Madam Hedvika opened her mouth and closed it a couple of times before she set the vase down. ‘No need to apologise. It is why you’re here after all.’

‘Has this happened before then?’

‘Er … no. Not precisely this.’

‘So, you’re not sure what this means?’

‘Not yet.’ She leaned across the table and picked up the soggy doll. ‘But then I haven’t done my part.’ Madam Hedvika wrapped both her hands around the body of the doll lightly and closed her eyes.

Kay waited awkwardly, wanting to fix the mess that had been made of the table, but equally not wanting to disturb Madam Hedvika when she was concentrating.

After a minute, she opened her eyes, the little frown appearing between her eyebrows again. ‘You have a blockage. You must see past it to find your centre again.’

Kay blinked a couple of times. ‘What centre? The centre of my magic? Or, like, my centre as a person?’

Madam Hedvika tilted her head for a moment and studied Kay with infuriatingly opaque eyes. She passed Kay the charred doll and then held her hands out, palms down over the table. With a muttered spell and a gentle exhale, all the water rose and evaporated from the corn husks, thread, and puddles on the table.

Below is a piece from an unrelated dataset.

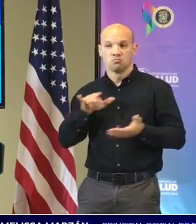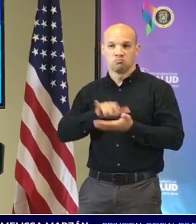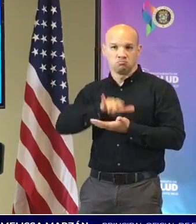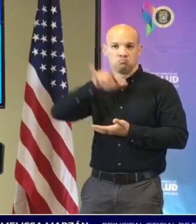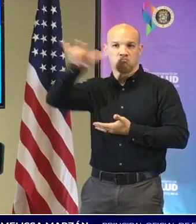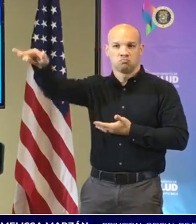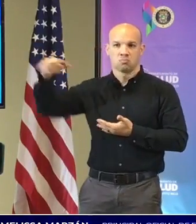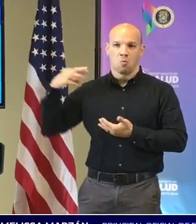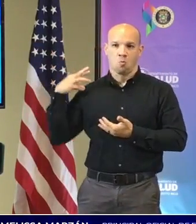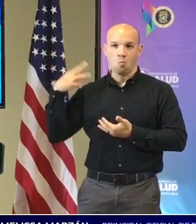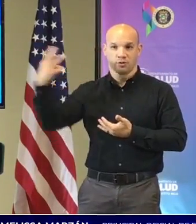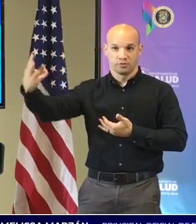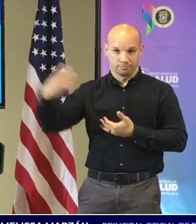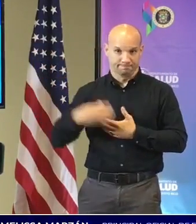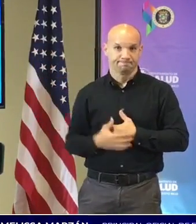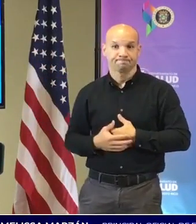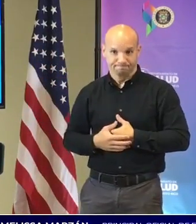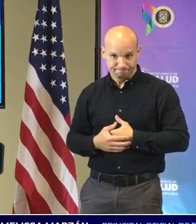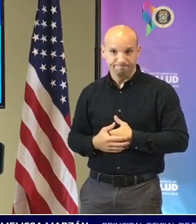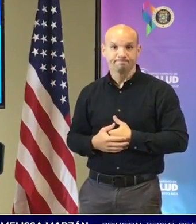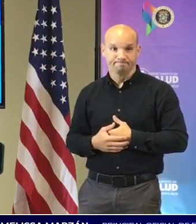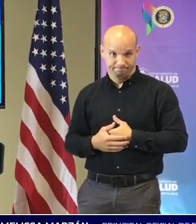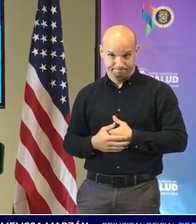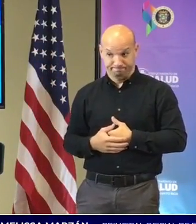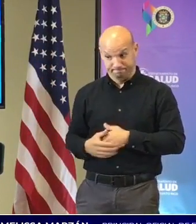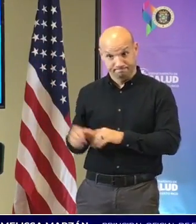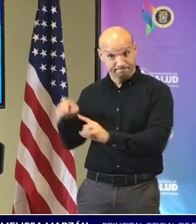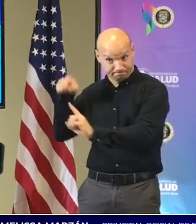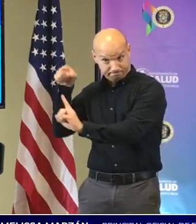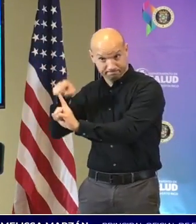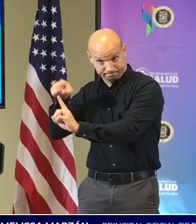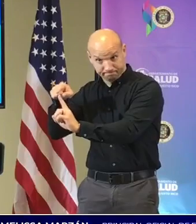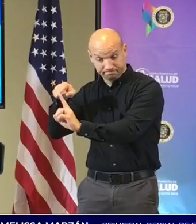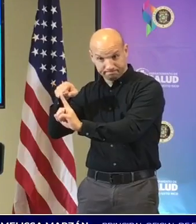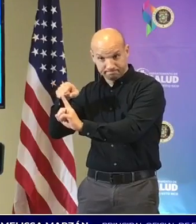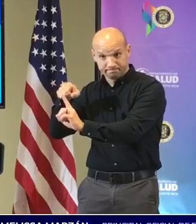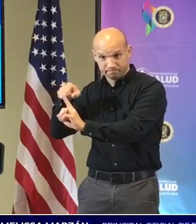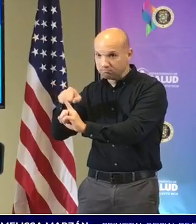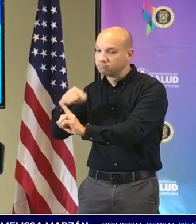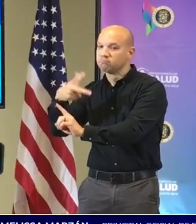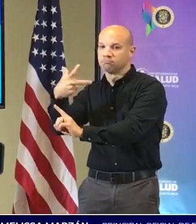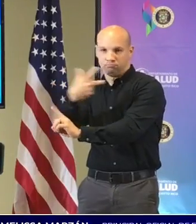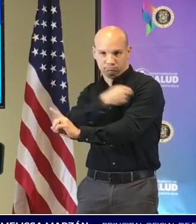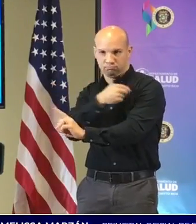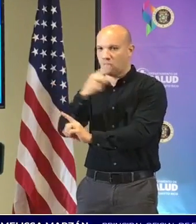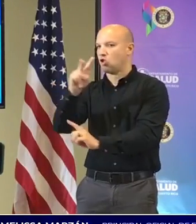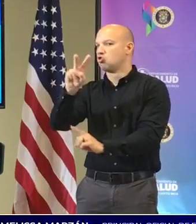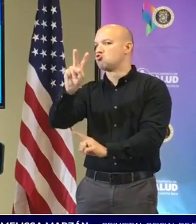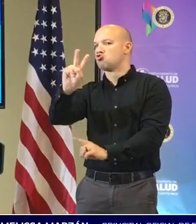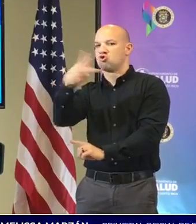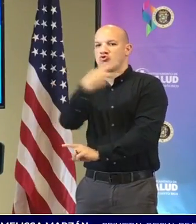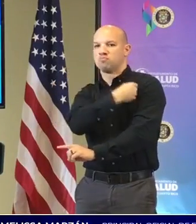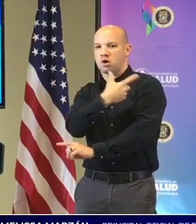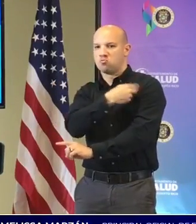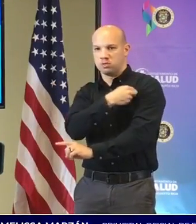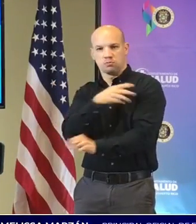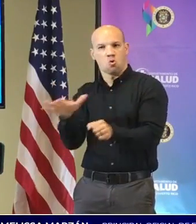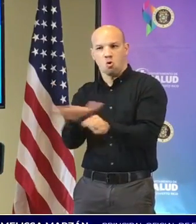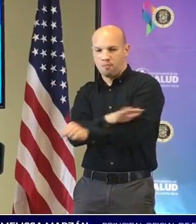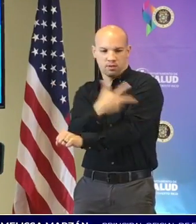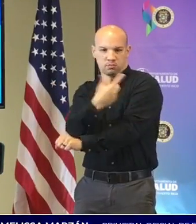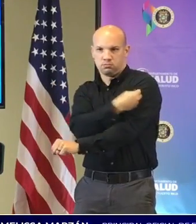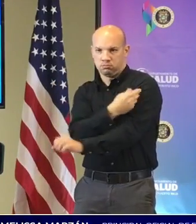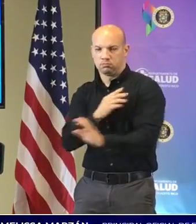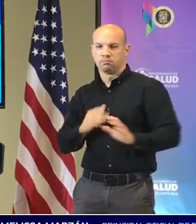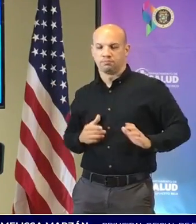Washington esta persona si estaba totalmente vacunada con dos dosis la segunda

She sat down opposite Kay once more and laced her fingers together. ‘I think the best course of action is for you to stop using your magic entirely.’

‘What? Forever?’ Kay’s stomach did a queasy flop at the thought. She wasn’t the most active witch, and her feelings towards her gift were best left unsaid, but being told she couldn’t ever use her magic was a little like someone insulting your sibling. You might find them irritating, but to have someone else hurt them was just wrong. An affront.

‘No, no.’ A small smile touched Madam Hedvika’s lips. ‘Just until you have had a chance to work out when precisely this blockage occurred and why. Once you’ve figured this out, you must take your doll, remove the pinned husk that is helping to shape her and repeat what you did here.’